Kementerian Kesehatan (Kemenkes) RI akhirnya angkat bicara mengenai hasil investigasi internal terkait meninggalnya dr. Icha. Direktur Jenderal SDM Kemenkes, Yuli Farianti, mengungkapkan bahwa pihaknya menemukan indikasi adanya kekerasan verbal serta intimidasi dari oknum masyarakat terhadap almarhumah selama menjalankan tugas medisnya.
Meski investigasi internal telah rampung, Kemenkes memutuskan untuk tidak memaparkan hasil secara mendetail ke publik. Yuli menegaskan bahwa seluruh temuan tersebut akan diserahkan sepenuhnya kepada pihak kepolisian guna mendukung proses penyelidikan yang tengah berjalan.
Terkait aspek klinis, Kemenkes memastikan bahwa penanganan kasus gigitan ular yang dilakukan oleh RSUD Kefamenanu dan RS Leona telah sesuai dengan Standar Operasional Prosedur (SOP). Yuli menekankan bahwa pemberian Serum Anti Bisa Ular (SABU) tidak dapat diberikan secara sembarangan kepada semua pasien, melainkan harus melalui tahapan pemeriksaan indikasi medis yang ketat demi keselamatan pasien.
Lebih lanjut, Kemenkes menyoroti adanya celah koordinasi yang signifikan antara fasilitas pelayanan kesehatan, Dinas Kesehatan, dan Pemerintah Daerah. Lemahnya sistem pendukung di tingkat daerah dinilai menjadi faktor penghambat dalam memberikan perlindungan serta intervensi cepat bagi tenaga kesehatan yang sedang bertugas di lapangan.
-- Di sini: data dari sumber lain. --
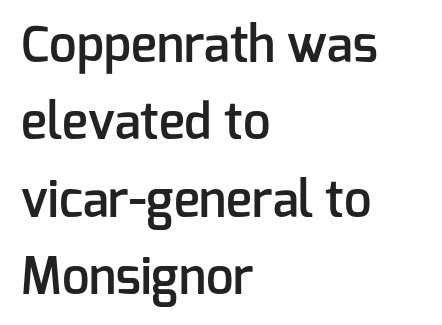
There is no visible air inserted between adjacent glyphs. It's the straight-up-and-down kind of type. Spacing verdict: proportional, widths tailored to each character. This rendering uses left alignment, leaving the right contour irregular. The passage shown is typeset with a sans-serif family.
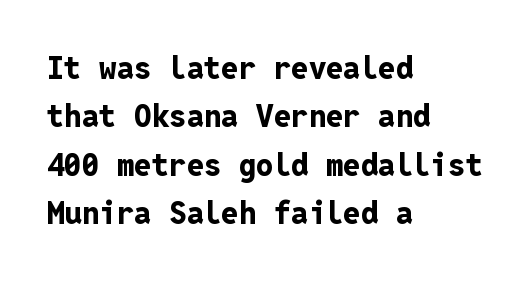
{"serif": "no", "italic": "no", "bold": "yes", "weight": "bold", "width": "normal", "stroke_contrast": "low", "x_height": "medium", "monospaced": "yes", "underline": "no", "align": "left", "line_spacing": "normal", "line_spacing_ratio": 1.56, "letter_spacing": "normal", "letter_spacing_em": 0.0, "glyph_px": 31}
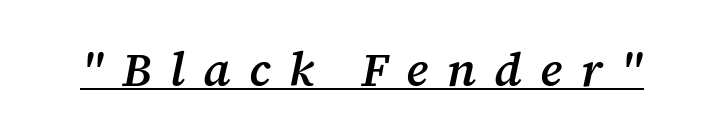
The image shows 47 px semibold serif type, italic (leaning right); set unusually wide letter spacing (+0.39 em), underlined; medium stroke contrast and a medium x-height.
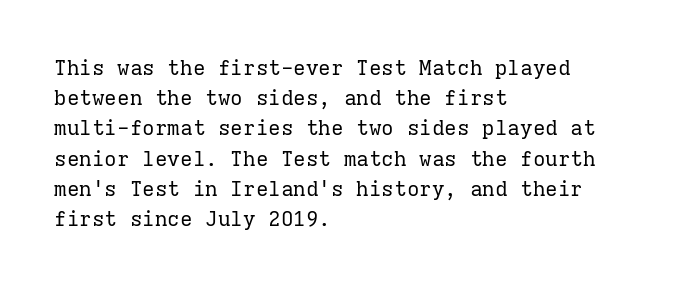
Regarding leading, the lines here are spaced in the standard way. Underline: absent. A classic flush-left, rag-right setting is used for this passage. Every character sits straight up, as roman type does.
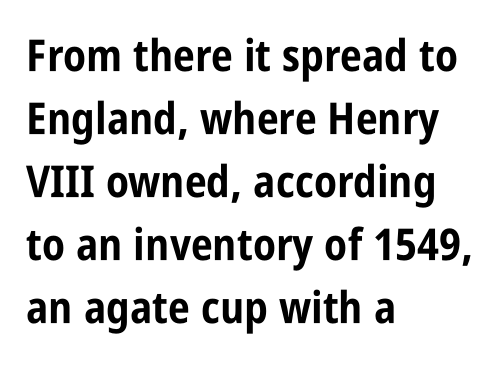
{"serif": "no", "italic": "no", "bold": "yes", "weight": "bold", "width": "condensed", "stroke_contrast": "low", "x_height": "large", "monospaced": "no", "underline": "no", "align": "left", "line_spacing": "normal", "line_spacing_ratio": 1.43, "letter_spacing": "normal", "letter_spacing_em": 0.0, "glyph_px": 44}
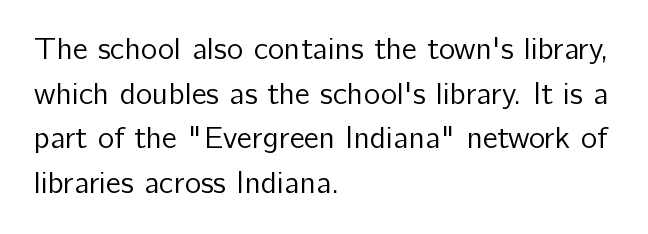
The image shows 31 px regular-weight sans-serif type, upright; set left-aligned, normal line spacing (1.44x), normal letter spacing, not underlined; low stroke contrast and a medium x-height.
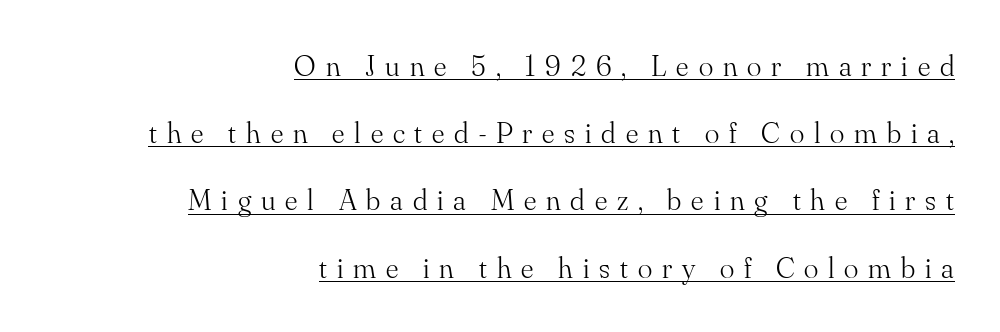
The image shows 30 px light serif type, upright; set right-aligned, loose line spacing (2.24x), unusually wide letter spacing (+0.33 em), underlined; medium stroke contrast and a small x-height.
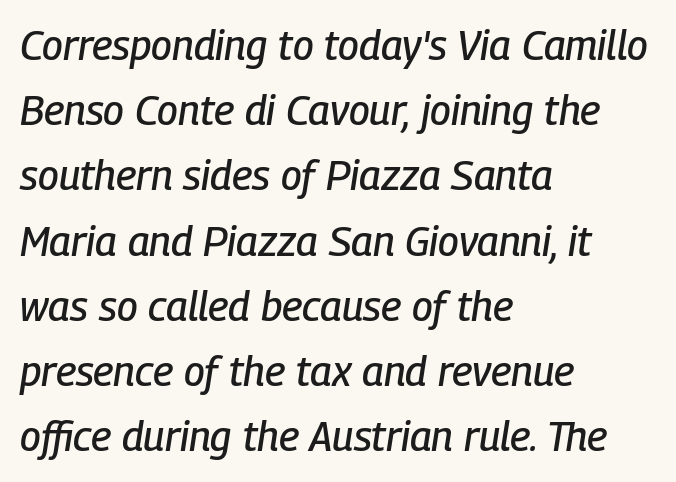
The zone under the glyphs is completely vacant. Looks like regular typesetting: each glyph gets only the width it needs. In CSS terms this would be text-align: left. The block of text has a typical density, with ordinary space between rows. The letterforms sit shoulder to shoulder at normal distance.
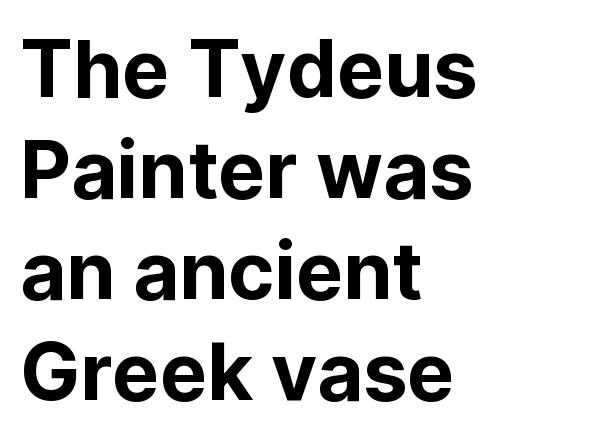
Q: Is the text italic (slanted)? A: No, it is upright.
Q: Is the typeface a serif or a sans-serif typeface? A: Sans-serif.
Q: Is the text underlined? A: No.
Q: How is the paragraph aligned? A: Left-aligned.
Q: Is the spacing between letters normal or unusually wide? A: Normal.
Q: Is the spacing between lines tight, normal or loose? A: Normal.
Q: Width (condensed, normal, or wide)? A: Normal.
Q: Stroke contrast? A: Low.
Q: x-height? A: Medium.
Q: Monospaced? A: No.
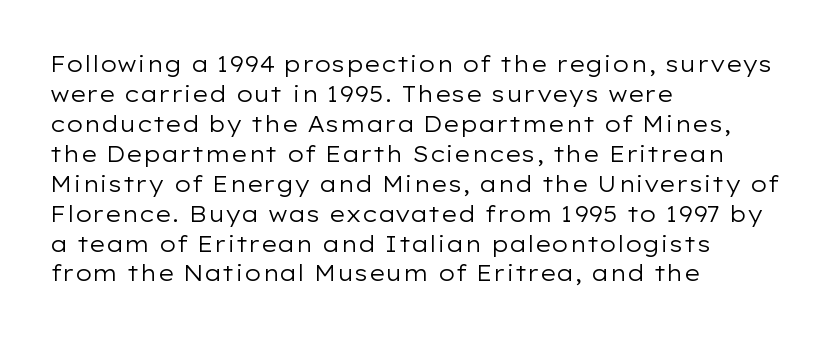
The image shows 22 px text type, upright; set left-aligned, normal line spacing (1.36x), normal letter spacing, not underlined.
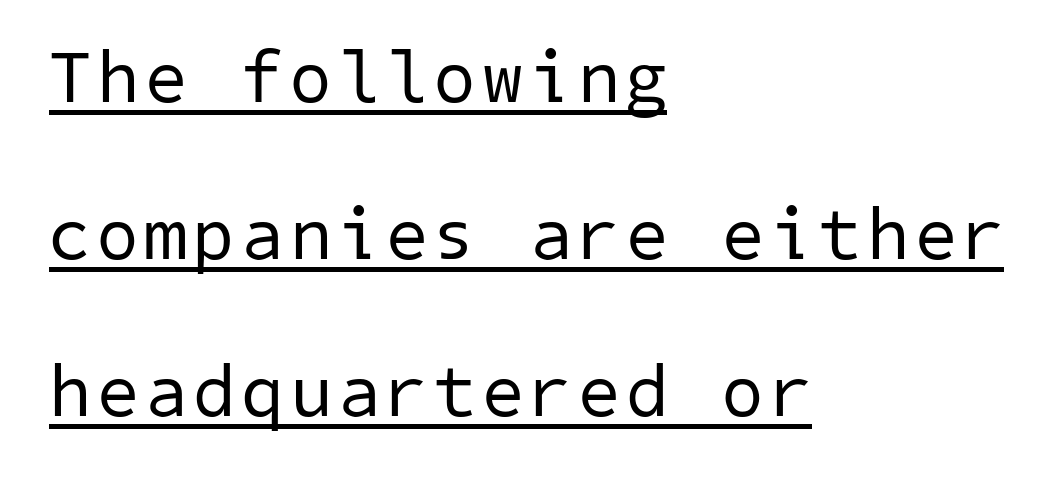
Q: Is the text bold? A: No.
Q: Is the typeface a serif or a sans-serif typeface? A: Sans-serif.
Q: Is the text underlined? A: Yes.
Q: How is the paragraph aligned? A: Left-aligned.
Q: Is the spacing between lines tight, normal or loose? A: Loose.
Q: Width (condensed, normal, or wide)? A: Normal.
Q: Stroke contrast? A: Low.
Q: x-height? A: Medium.

Sebagai langkah preventif, Direktur Jenderal Kesehatan Lanjutan, Azhar Jaya, menginstruksikan seluruh manajemen rumah sakit untuk memperketat keamanan dan memastikan perlindungan tenaga medis di lingkungan kerja, khususnya di Unit Gawat Darurat (UGD). Pihak Kemenkes pun mengingatkan masyarakat bahwa tenaga kesehatan memiliki hak hukum untuk menghentikan pelayanan jika merasa terancam, sebagaimana diatur dalam UU Kesehatan serta peraturan turunannya. Setiap tindakan intimidasi maupun kekerasan terhadap nakes tidak hanya akan diproses melalui regulasi kesehatan, tetapi juga melalui jalur hukum pidana.